▶ _Dataset excerpts_:
**********

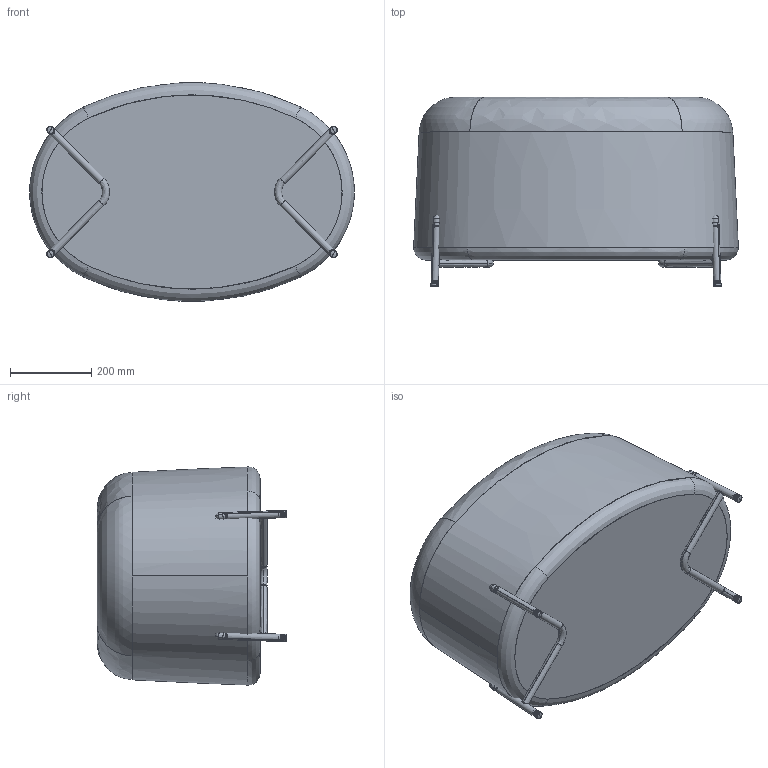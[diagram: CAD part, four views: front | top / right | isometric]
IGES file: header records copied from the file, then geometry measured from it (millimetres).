
Start section: SolidWorks IGES file using analytic representation for surfaces
Global section: file name: PU003.IGS; native system: SolidWorks 2021; preprocessor: SolidWorks 2021; author: Marketing; date: 220413.175208; units: millimetre
Bounding box: 797.01 x 465.7 x 536.53 mm (x, y, z)
Surface area: 1547425.3 mm2 (no closed solid volume)
Topology: 0 solids, 0 shells, 256 faces, 3590 edges, 3578 vertices
Faces by surface type: revolution 176, bspline 80
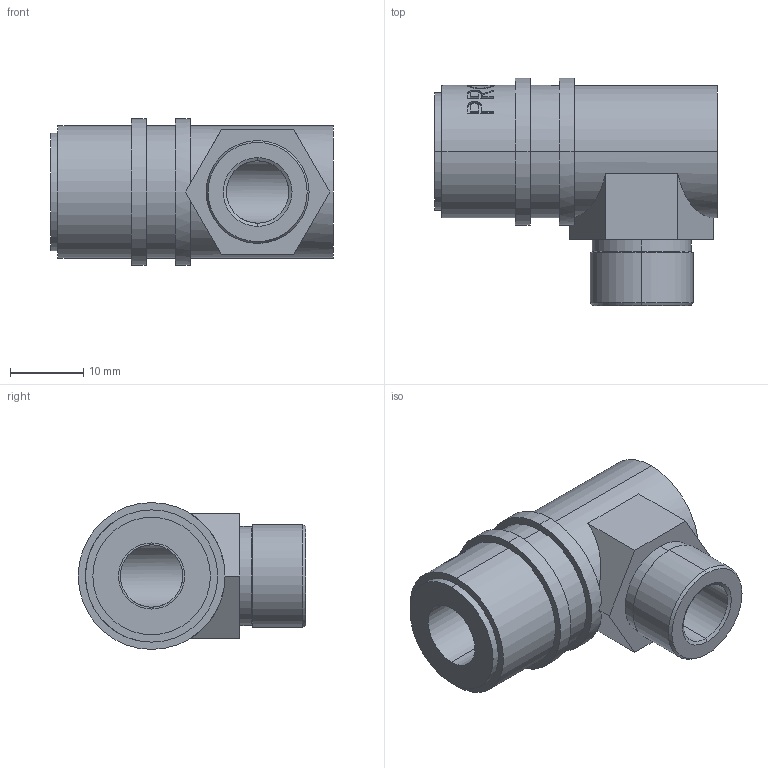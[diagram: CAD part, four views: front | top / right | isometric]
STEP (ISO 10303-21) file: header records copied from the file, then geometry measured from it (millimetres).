
FILE_DESCRIPTION (( 'STEP AP203' ), '1' );
FILE_NAME ('3fb0.STEP', '2022-08-06T13:04:40', ( '' ), ( '' ), 'SwSTEP 2.0', 'SolidWorks 2019', '' );
FILE_SCHEMA (( 'CONFIG_CONTROL_DESIGN' ));
Length unit declared in the file: millimetre
Products named in the file (1): 3fb0
Bounding box: 38.5 x 31 x 20 mm (x, y, z)
Volume: 9566.7 mm3; surface area: 5104.9 mm2
Topology: 2 solids, 2 shells, 127 faces, 320 edges, 210 vertices
Faces by surface type: plane 48, bspline 42, cylinder 31, cone 6
Entity records: 8628 total; most frequent: CARTESIAN_POINT 5825, ORIENTED_EDGE 640, DIRECTION 434, EDGE_CURVE 320, VERTEX_POINT 210, AXIS2_PLACEMENT_3D 172, EDGE_LOOP 144, B_SPLINE_CURVE_WITH_KNOTS 136

**********

▶ _Problem description_: Return the material from above in full, exactly as written, with the pictures omitted.

▶ _Result of the task_:
[diagram: CAD part, four views: front | top / right | isometric]
IGES file: header records copied from the file, then geometry measured from it (millimetres).
Start section: SolidWorks IGES file using analytic representation for surfaces
Global section: file name: PU003.IGS; native system: SolidWorks 2021; preprocessor: SolidWorks 2021; author: Marketing; date: 220413.175208; units: millimetre
Bounding box: 797.01 x 465.7 x 536.53 mm (x, y, z)
Surface area: 1547425.3 mm2 (no closed solid volume)
Topology: 0 solids, 0 shells, 256 faces, 3590 edges, 3578 vertices
Faces by surface type: revolution 176, bspline 80
[diagram: CAD part, four views: front | top / right | isometric]
STEP (ISO 10303-21) file: header records copied from the file, then geometry measured from it (millimetres).
FILE_DESCRIPTION (( 'STEP AP203' ), '1' );
FILE_NAME ('3fb0.STEP', '2022-08-06T13:04:40', ( '' ), ( '' ), 'SwSTEP 2.0', 'SolidWorks 2019', '' );
FILE_SCHEMA (( 'CONFIG_CONTROL_DESIGN' ));
Length unit declared in the file: millimetre
Products named in the file (1): 3fb0
Bounding box: 38.5 x 31 x 20 mm (x, y, z)
Volume: 9566.7 mm3; surface area: 5104.9 mm2
Topology: 2 solids, 2 shells, 127 faces, 320 edges, 210 vertices
Faces by surface type: plane 48, bspline 42, cylinder 31, cone 6
Entity records: 8628 total; most frequent: CARTESIAN_POINT 5825, ORIENTED_EDGE 640, DIRECTION 434, EDGE_CURVE 320, VERTEX_POINT 210, AXIS2_PLACEMENT_3D 172, EDGE_LOOP 144, B_SPLINE_CURVE_WITH_KNOTS 136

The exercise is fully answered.